To boil it down to the key points, which will still be rather long. There are unknowns to be explored, & there are variables, some if which I control, others I don't. Basically, much to my chagrin, what GPUs I can use & how I use them are limited by the amount of RAM available.
In theory, with the (maxed out) RAM I have, I can use cards with up to 32GB of VRAM, as long as I don't use NVLink for memory pooling with another card, or I could use pairs of 16GB VRAM cards if I do use it. For reasons of various efficiencies I'm not very interested in those GPUs.
Individual 24GB cards shouldn't present a problem with RAM usage. But they are also a smaller canvas to use for scenes.
If I use individual cards with 48GB of VRAM, or pairs of 24GB cards with NVLink for memory pooling, then I will have a theoretical RAM deficit of ~16GB. This deficit I hope can be overcome with virtual memory, but I don't know if it can be or not.
Ideally, I would like to use 48GB VRAM cards with NVLink for memory pooling, but then I would have a theoretical RAM deficit of ~160GB, over a 100% RAM deficit. This was my optimal use case for GPUs.
Each scene is processed via CPU/RAM/Drives then sent on to the GPUs, a process that is likely to be on the scale of seconds to minutes. The actual amount of RAM required will likely vary from frame to frame, depending on resources used, techniques used, maybe even camera angles. Not very many people seem to be working at this level, at least not that are discussing it. There's a lot of arguing among the few who claim to be in the know about how it works & how easy it is or not.
I knew the system I'm building now was always going to be a testbed, a minimal investment to figure out the process, & smoke out the bugs, as well as renewing my PC building skills. Really, a better system was always in the plans, but I needed to get real world experience & figure out how all the parts work together, or don't, in order to properly plan the next version. I intend to push on as far as I can, & learn the limits.
If you're going to be dealing with memory's worth of write activity, I'd recommend a pci-e carrier with multiple M.2 drives or an array of sata drives in order to get the throughput and wear-life that you need.

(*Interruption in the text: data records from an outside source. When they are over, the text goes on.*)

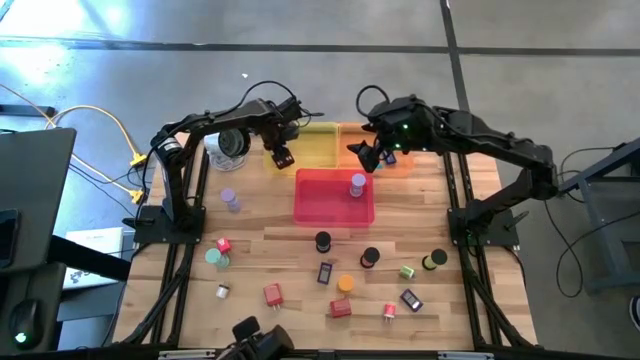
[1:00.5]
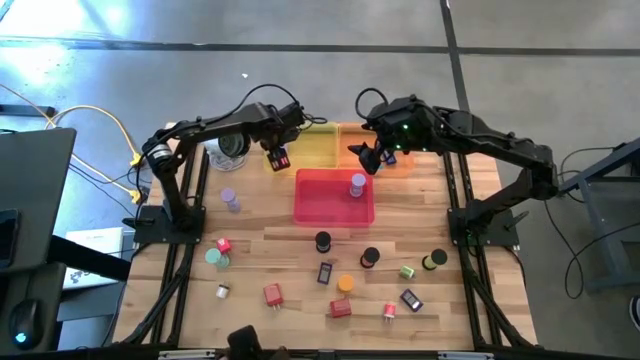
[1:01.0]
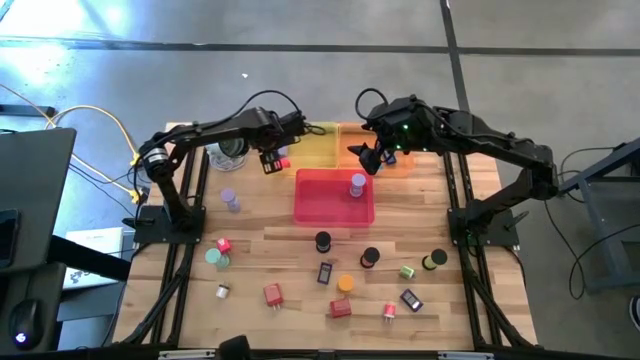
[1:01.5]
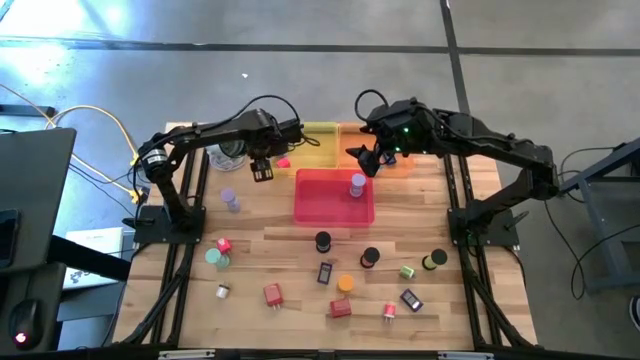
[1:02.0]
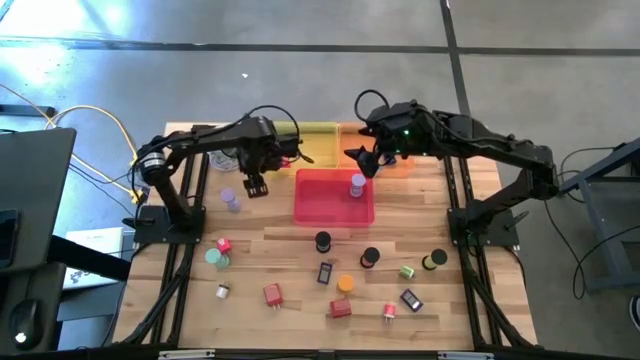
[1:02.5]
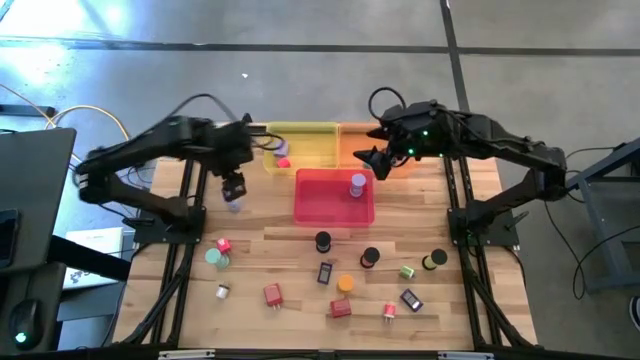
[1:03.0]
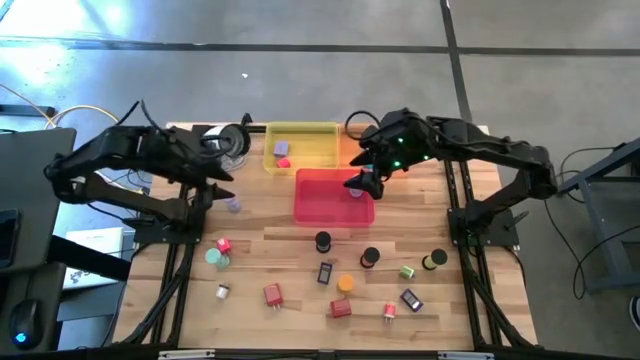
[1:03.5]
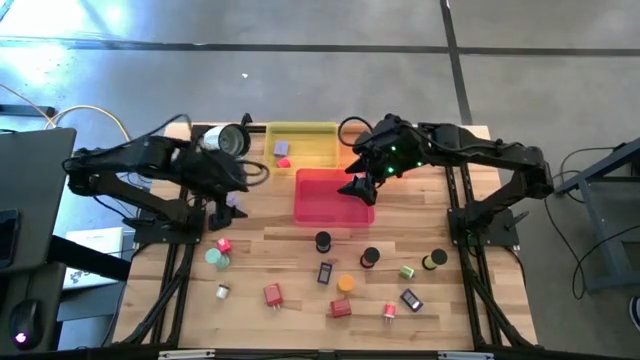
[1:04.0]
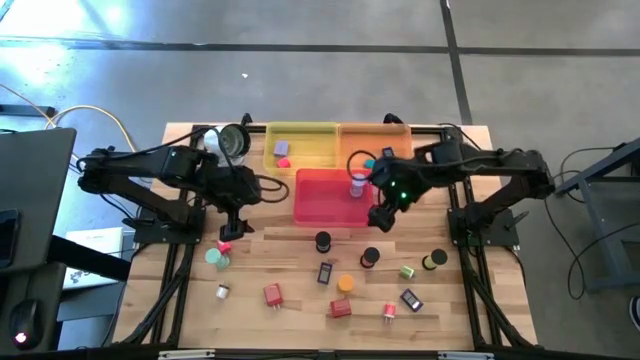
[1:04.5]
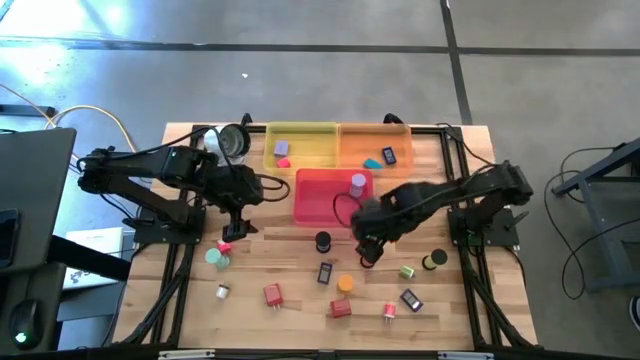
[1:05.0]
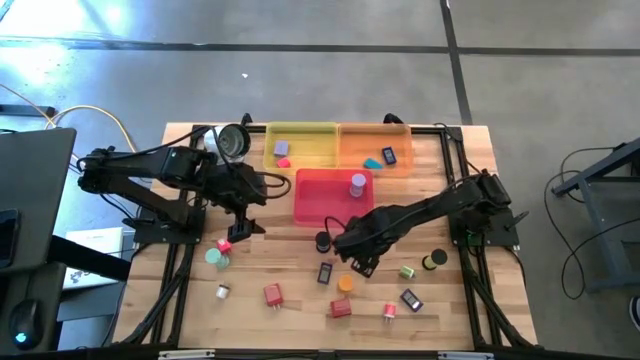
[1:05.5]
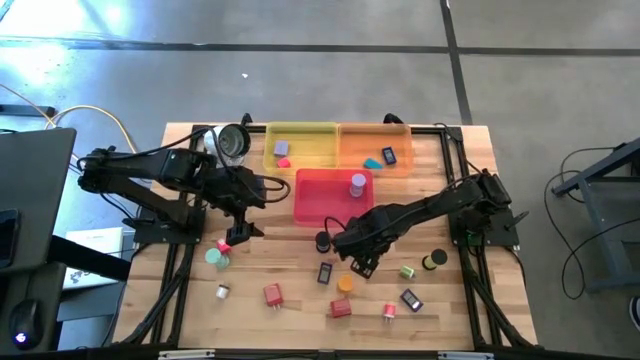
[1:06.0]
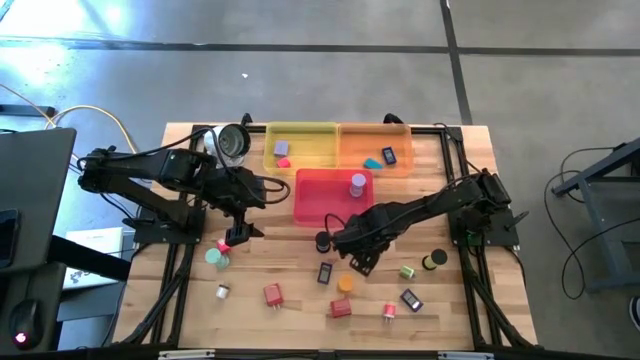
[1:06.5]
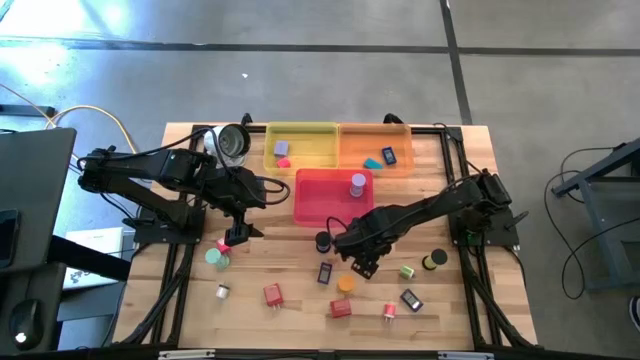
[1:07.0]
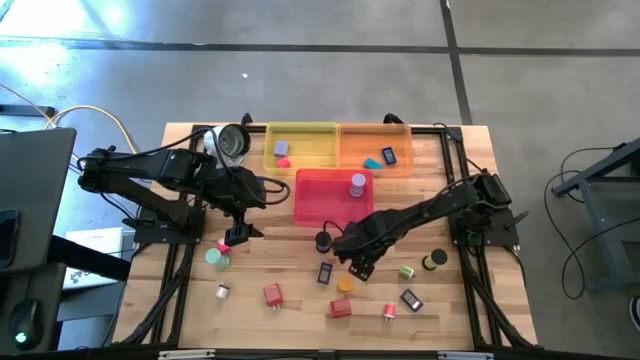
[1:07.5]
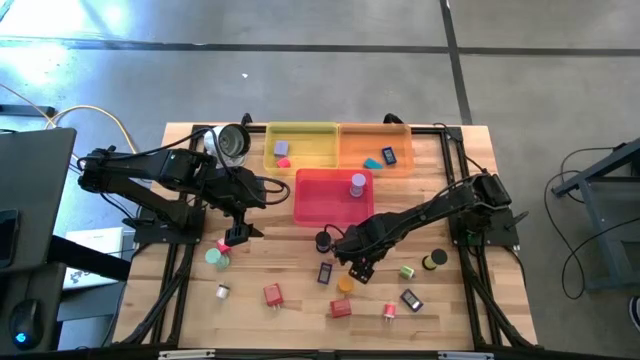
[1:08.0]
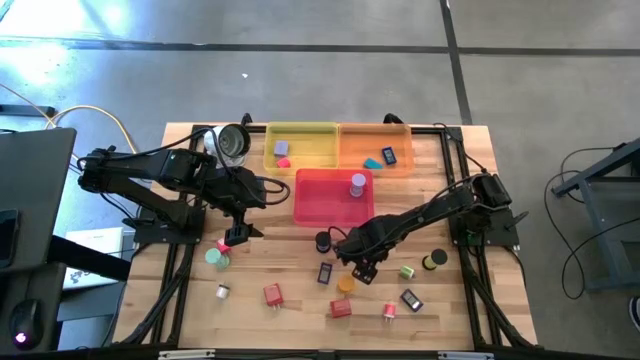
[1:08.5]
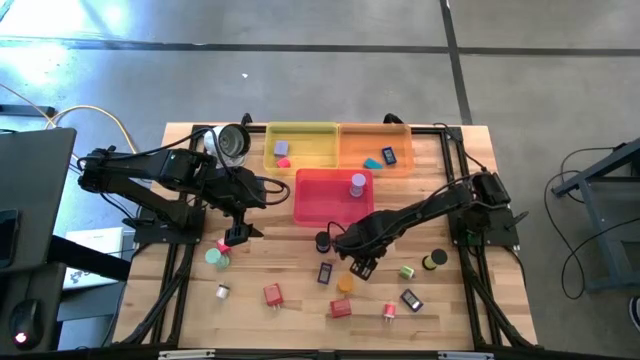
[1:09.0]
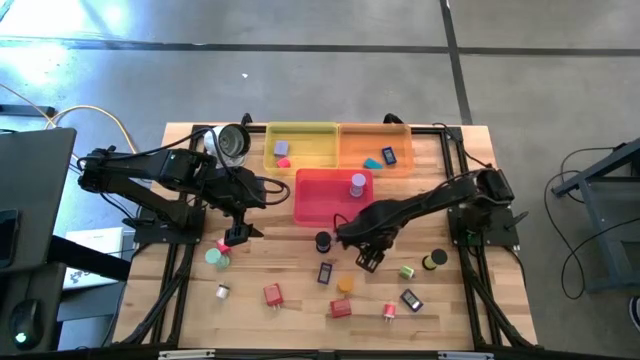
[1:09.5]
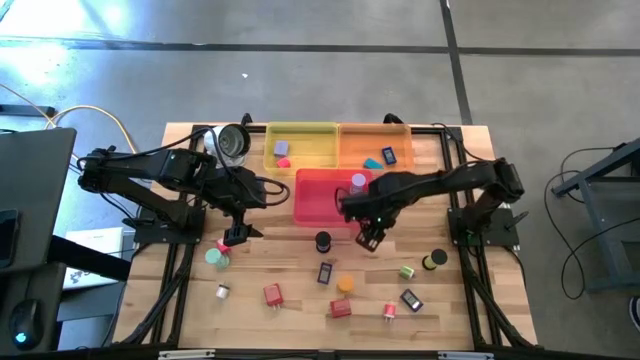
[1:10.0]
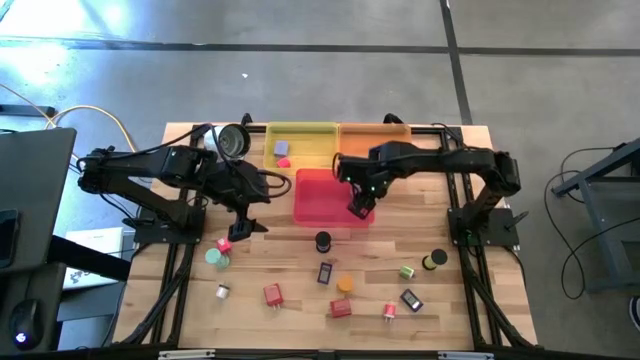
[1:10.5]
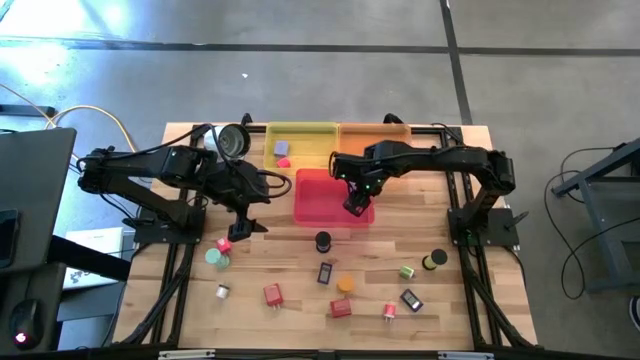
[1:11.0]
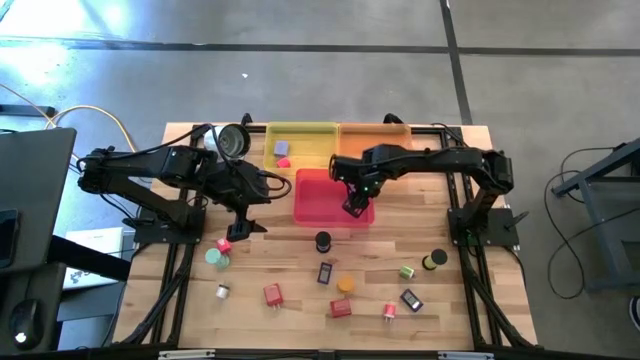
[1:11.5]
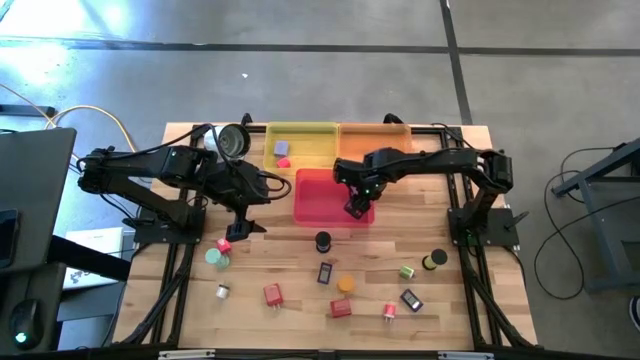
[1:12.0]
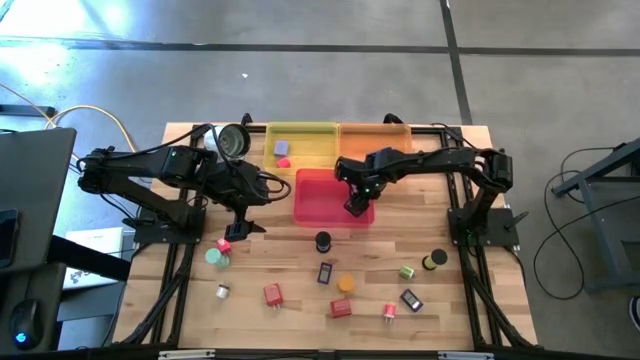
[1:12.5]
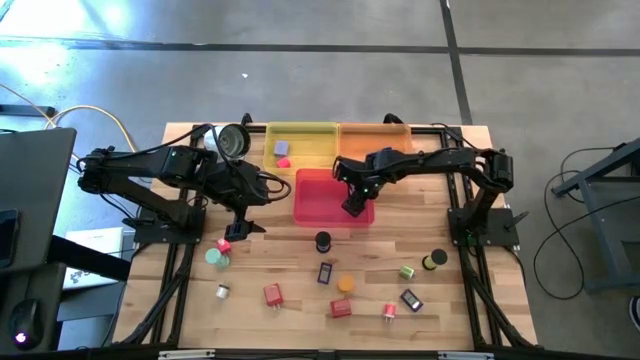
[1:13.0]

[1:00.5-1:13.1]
Task: Pick & Place Office items
Put the middle black hourglass into the red bin

I looked into that, but I haven't the knowledge to figure out which enterprise versions would be useful, & available, at least without extensive research. I'm outside my expertise, that's why I'm here. To my bafflement, all the consumer versions I looked at were actually considerably slower than using standalone M.2 socket SSDs in reviews. I *think* I mentioned this about Asus's cards over in my earlier thread, but I didn't spend much time looking as it wasn't panning out at the time.
PCIe sockets are at a premium, but I could sacrifice a Gen 3 x8 or x16 slot for a solid solution. It doesn't have to be M.2 based either, it could be a standalone/monolithic (?) SSD x16 card. But I could use specific MLC recommendations, in particular.
But before going that -- likely more expensive -- route I should do tests with M.2, or perhaps U.2 to see if it's required. One thought that occurred to me is that while RAIDing M.2 NVMe is usually discouraged as its not productive, with TLC drives that are known to have a speed drop (when their SLC cache is full) RAID might be an option. Also, the smaller these Micron drives I discussed are, the slower they get, they might be candidates as well to maintain write speeds.
I'm a little fuzzy on what effect PLP has from a user perspective. Do all drives need PLP, such as one just used for virtual memory, in my case? Or does it also prevent HW damage to the SSDs? Obviously they do nothing to content in RAM that is not being saved, so the virtual memory contents should be considered disposable as well?